- _Data to examine_
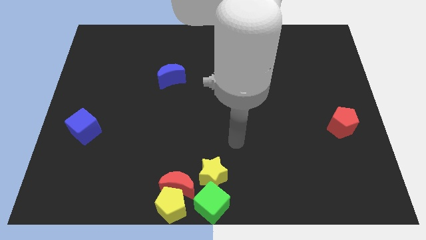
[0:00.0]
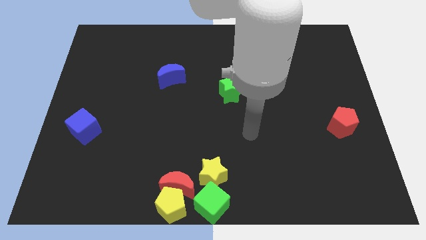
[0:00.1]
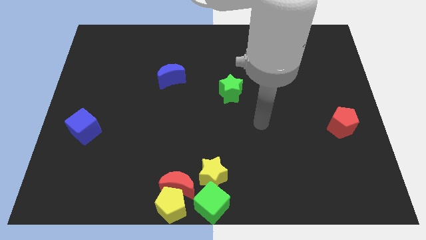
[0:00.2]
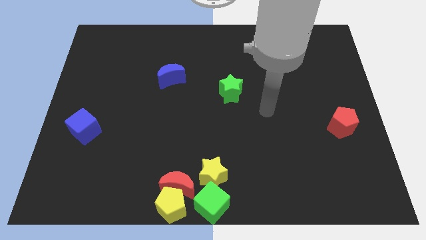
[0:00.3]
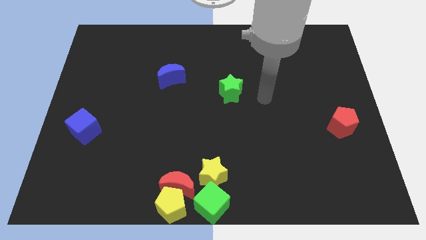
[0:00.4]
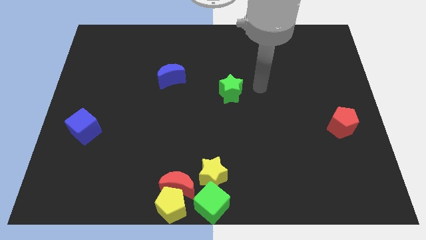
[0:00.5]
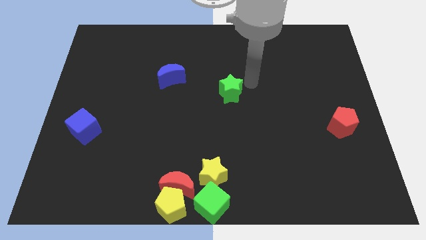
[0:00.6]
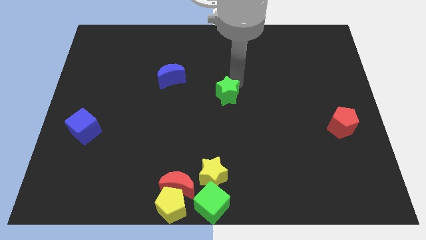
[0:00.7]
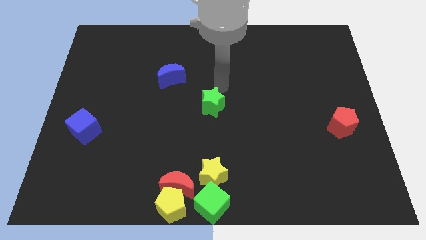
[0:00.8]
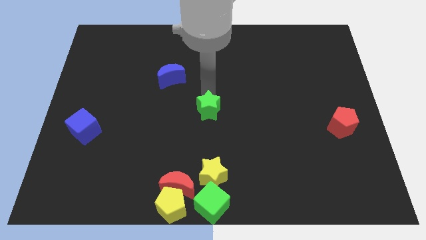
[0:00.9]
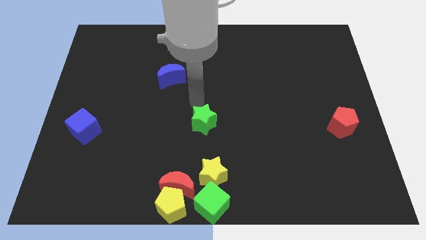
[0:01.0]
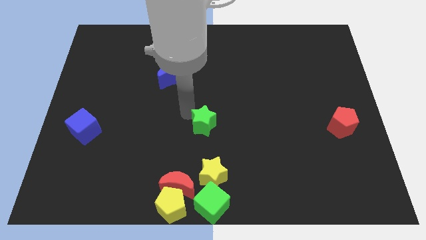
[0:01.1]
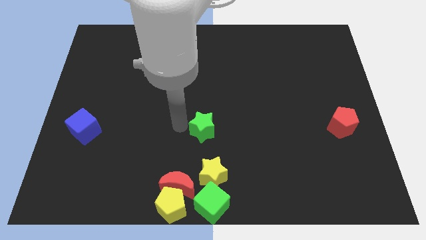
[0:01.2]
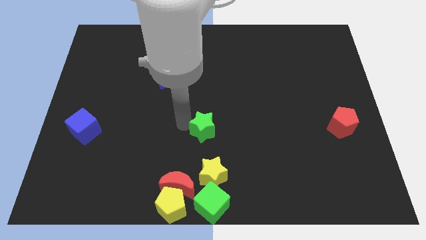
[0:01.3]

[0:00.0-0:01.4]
drag the green star towards group of blocks

- _Exercise details_
Give the lines of the entries above exactly as they appear, leaving out each picture.

- _Finished task_
[0:00.0]
[0:00.1]
[0:00.2]
[0:00.3]
[0:00.4]
[0:00.5]
[0:00.6]
[0:00.7]
[0:00.8]
[0:00.9]
[0:01.0]
[0:01.1]
[0:01.2]
[0:01.3]

[0:00.0-0:01.4]
drag the green star towards group of blocks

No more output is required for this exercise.